Belle parole, buone per tutte le stagioni. In realtà, la direzione giusta per Creazzo era una sola: quella del clan Alvaro, signoria ‘ndranghetista di Sinopoli, con ramificazioni a Sant’Eufemia, San Procopio e Delianuova. Nel coltivare (e realizzare) il sogno di candidarsi (e vincere) le regionali, lui, infatti, si sarebbe rivolto alla ‘ndrangheta. Il terminale di scambio politico-mafioso sarebbe stato Mimmo Laurendi, elemento apicale della cosca. A lui avrebbe bussato Antonino Creazzo, fratello del consigliere, per procacciargli voti, «in cambio di favori ed utilità al fine di sbaragliare gli avversari politici».

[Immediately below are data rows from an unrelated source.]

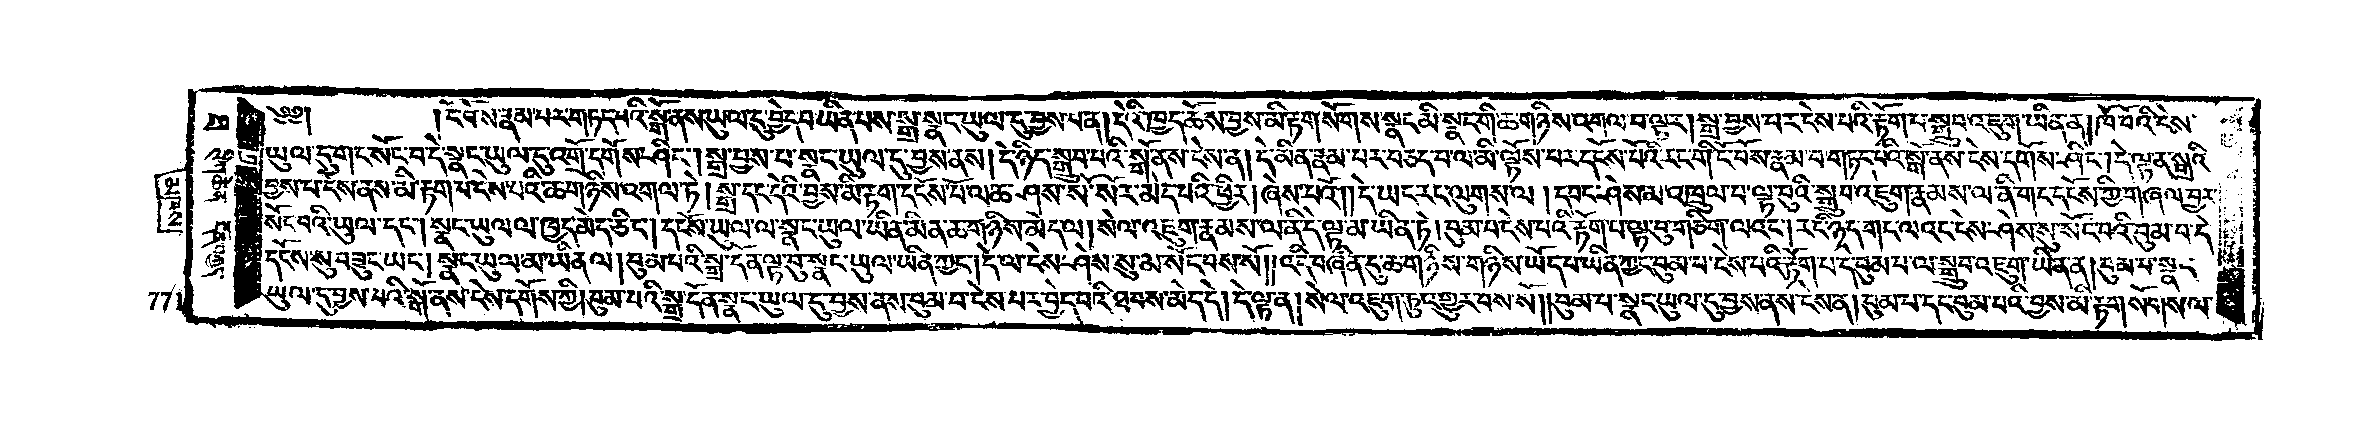༄༅། །ངོ་བོས་རྣམ་པར་གཏད་པའི་སྒོ་ནས་ཡུལ་དུ་བྱེད་པ་ཡིན་པས་སྒྲ་སྣང་ཡུལ་དུ་བྱས་པ་ན། དེའི་ཁྱད་ཆོས་བྱས་མི་རྟག་སོགས་སྣང་ཡུལ་དུ་བྱས་པ་ན། དེའི་ཁྱད་ཆོས་བྱས་མི་རྟགས་སོགས་སྣང་མི་སྣང་གི་ཆ་གཉིས་འགལ་བ་ལྟར། སྒྲ་བྱས་པར་ངེས་པའི་རྟོག་པ་སྒྲུབ་འཇུག་ཡིན་ན། ཁོ་བའི་ངེས་
ཡུལ་དུ་གང་སོང་བ་དེ་སྣང་ཡུལ་དུ་འགྲོ་དགོས་ཤིང་། སྒྲ་བྱས་པ་སྣང་ཡུལ་དུ་བྱས་ནས། དེ་ཉིད་སྒྲུབ་པའི་སྒོ་ནས་ངེས་ན། དེ་མིན་རྣམ་པར་བཅད་པ་ལ་མི་ལྟོས་པར་དངོས་པོའི་རང་གི་ངོ་བོས་རྣམ་པ་གཏད་པའི་སྒོ་ནས་ངེས་དགོས་ཤིང་། དེ་ལྟ་ན་སྒྲའི་
བྱས་པ་ངེས་ནས་མི་རྟག་པ་ངེས་པའི་ཆ་གཉིས་འགལ་ཏེ། སྒྲ་དང་དེའི་བྱས་མི་རྟག་དངོས་པོ་ལ་ཆ་ཤས་སོ་སོར་མེད་པའི་ཕྱིར། ཞེས་པའོ། །དེ་ཡང་རང་ལུགས་ལ། དབང་ཤེས་མ་འཁྲུལ་པ་ལྟ་བུའི་སྒྲུབ་འཇུག་རྣམས་ལ་ནི་གང་དངོས་ཀྱི་གཞལ་བྱར་
སོང་བའི་ཡུལ་དང་། སྣང་ཡུལ་ལ་ཁྱད་མེད་ཅིང་། དངོས་ཡུལ་ལ་སྣང་ཡུལ་ཡིན་མིན་ཆ་གཉིས་མེད་ལ། སེལ་འཇུག་རྣམས་ལ་ནི་དེ་ལྟ་མ་ཡིན་ཏེ། བུམ་པ་ངེས་པའི་རྟོག་པ་ལྟ་བུ་གཅིག་ལའང་། རང་ཉིད་གང་ལའང་ངེས་ཤེས་སུ་སོང་བའི་བུམ་པ་དེ་
དངོས་སུ་བཟུང་ཡང་། སྣང་ཡུལ་མ་ཡིན་ལ། བུམ་པའི་སྒྲ་དོན་ལྟ་བུ་སྣང་ཡུལ་ཡིན་ཀྱང་། དེ་ལ་ངེས་ཤེས་སུ་མ་སོང་བས་སོ། །འདི་བཞིན་དུ་ཆ་གཉིས་གཉིས་ཡོད་པ་ཡིན་ཀྱང་བུམ་པ་ངེས་པའི་རྟོག་པ་དེ་བུམ་པ་ལ་སྒྲུབ་འཇུག་ཡིན་ན། བུམ་པ་སྣང་
ཡུལ་དུ་བྱས་པའི་སྒོ་ནས་ངེས་དགོས་ཀྱི། བུམ་པའི་སྒྲ་དོན་སྣང་ཡུལ་དུ་བྱས་ནས་བུམ་པ་ངེས་པར་བྱེད་པའི་ཐབས་མེད་དེ། དེ་ལྟ་ན། སེལ་འཇུག་ཏུ་འགྱུར་བས་སོ། །བུམ་པ་སྣང་ཡུལ་དུ་བྱས་ནས་ངེད་ན། བུམ་པ་དང་བུམ་པའི་བྱས་མི་རྟགས་སོགས་ལ་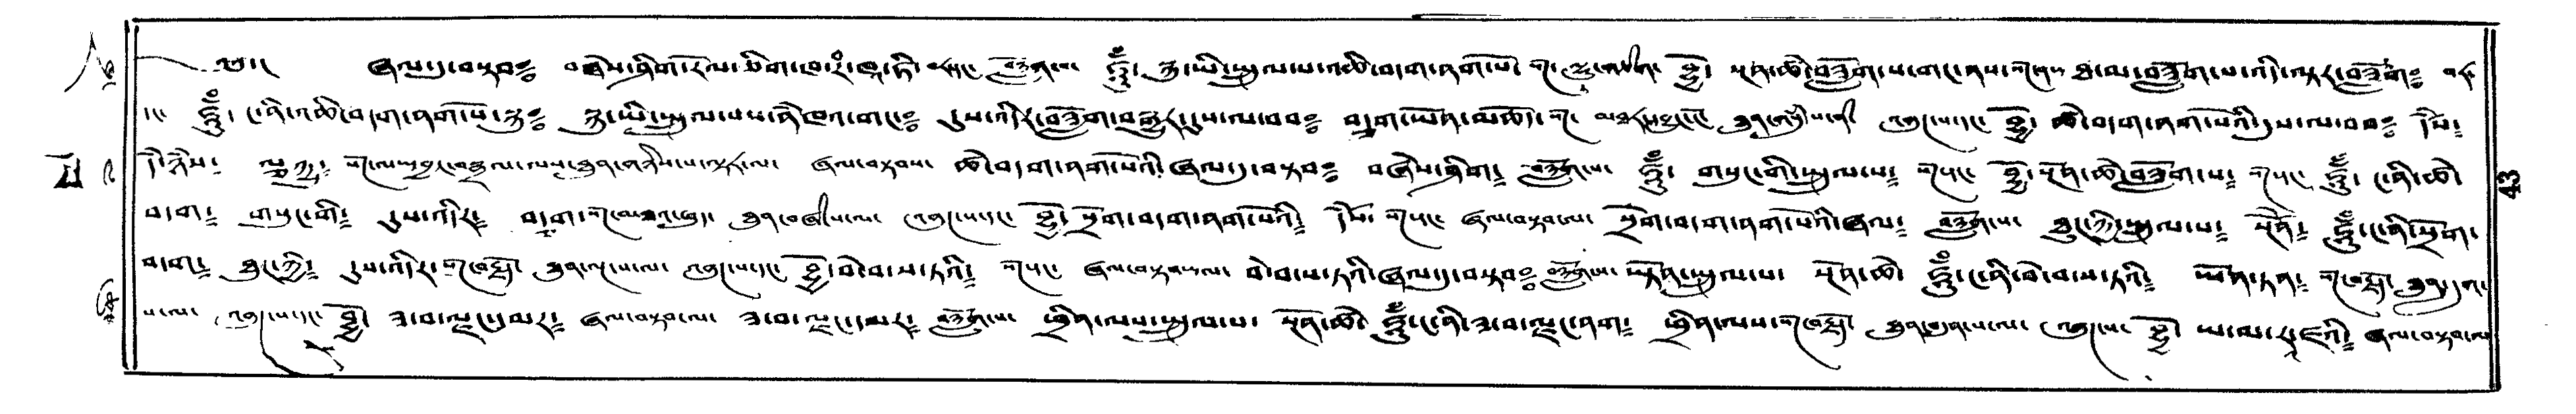ཞལ་དུ་བསྟབ༔ བཞེས་ཤིག་རོལ་ཅིག་ཁ་རཾ་ཁཱ་ཧི༔ བར་དང་། བཟློག་པ། ཧཱུྃ། སྐུ་ཡི་སྤྲུལ་པ་འཆི་བདག་ནག་པོ༴ སོགསལྷུ་གཅིག བྷྱོ༔ སྔོན་ཚེ་བཟློག་པ་གང་ནས༴ སོགས་ནས། ཐ་མ་བཟློག་པ་འདི་ལྟར་བཟློག༔ བར་
དང་། ཧཱུྃ༔ ང་ནི་འཆི་བདག་ནག་པོ་སྐུ༔ སྐུ་ཡི་སྤྲུལ་པས་ནམ་མཁའ་གང༔ དུས་འདིར་བཟློག་བསྒྱུར་དུས་ལ་བབ༔ བདག་ཅག་ཡོན་མཆོད་སོགས་ནས་མཐར་དབྱུང་ངོ་། ཐུན་གསུམ་པ་ནི། འགུགས་པ་དང་། བྷྱོ༔ ཚེ་བདག་ནག་པོའི་དུས་ལ་བབ༔ དམ་རྫས༴ 
དམ་ཉམས༴ ལྕགས་ཀྱུ༴ སོགས་ལས་བྱང་གི་བསྒྲལ་ལས་ཐུན་གཉིས་པ་ལྟར་ལ། ཞལ་བསྟབས། ཚེ་བདག་ནག་པོའི་ཞལ་དུ་བསྟབ༴ བཞེས་ཤིག༴ བཟློག་པ། ཧཱུྃ༔ གསུང་གི་སྤྲུལ་པ༴ སོགས་དང་། བྷྱོ༔ སྔོན་ཚེ་བཟློག་པ༴ སོགས་དང་། ཧཱུྃ༔ ང་ནི་ཚེ་
བདག༴ གསུང་གི༴ དུས་འདིར༴ བདག་ཅག་སོགས་མཐའ་ཕུད། ཐུན་བཞི་པ་ལ་འགུགས་པ་དང་། བྷྱོ༔ སྲོག་བདག་ནག་པོའི༴ དམ་རྫས༴ སོགས་དང་། ཞལ་བསྟབ་ལ། སྲོག་བདག་ནག་པོའི་ཞལ༴ སོགས། བཟློག་པ། ཐུགས་ཀྱི་སྤྲུལ་པ༴ སྔོན་ཚེ༴ ཧཱུྃ༔ ང་ནི་སྲོག་
བདག༴ ཐུགས་ཀྱི༴ དུས་འདིར་སོགས་བརྗོད། ཐུན་ལྔ་པ་ལ། འགུགས་པ་དང་། བྷྱོ༔ བེ་བཱ་ས་ཏྭའི༴ སོགས་དང་། ཞལ་བསྟབ་ལ། བེ་བཱ་ས་ཏྭའི་ཞལ་དུ་བསྟབ༔བཟློག་པ། ཡོན་ཏན་སྤྲུལ་པ༴ སྔོན་ཚེ༴ ཧཱུྃ༔ ང་ནི་བེ་བཱ་ས་ཏྭའི༴ ཡོན་ཏན༴ སོགས་བརྗོད། ཐུན་དྲུག་
པ་ལ། འགུགས་པ་དང་། བྷྱོ༔ ཟ་བ་ལྗང་དམར༴ ཞལ་བསྟབ་ལ། ཟ་བ་ལྗང་དམར༴ བཟློག་པ། ཕྲིན་ལས་སྤྲུལ་པ༴ སྔོན་ཚེ༴ ཧཱུྃ༔ ང་ནི་ཟ་བ་ལྗང་ནག༴ ཕྲིན་ལས་སོགས་བརྗོད། ཐུན་བདུན་པ་ལ་འགུགས་པ། བྷྱོ༔ ཡ་མ་རཱ་ཛའི༴ ཞལ་བསྟབ་ལ།

Alla fine, il sogno di Creazzo è divenuto realtà: 8 mila preferenze e un seggio assicurato a palazzo Campanella. Ma nelle sede del consiglio Creazzo non potrà entrarci nella prima seduta del 9 marzo. Ieri mattina all’alba è stato svegliato dagli agenti della Mobile reggina e del commissariato di Palmi. Su richiesta della procura antimafia guidata da Giovanni Bombardieri, e per ordine del tribunale, a Creazzo è stata notificata un‘ordinanza di custodia ai domiciliari. Stessa sorte per altri 65, accusati a vario titolo di associazione mafiosa, di reati in materia di armi e di sostanze stupefacenti, estorsioni, favoreggiamento reale, violenza privata, violazioni in materia elettorale, aggravati dal ricorso al metodo mafioso e dalla finalità di aver agevolato la ‘ndrangheta, nonché di scambio elettorale politico mafioso. Tra i legami con la politica è emerso anche il rapporto con il senatore Marco Siclari (Fi), per il quale la Dda ha chiesto l’autorizzazione a procedere all’arresto.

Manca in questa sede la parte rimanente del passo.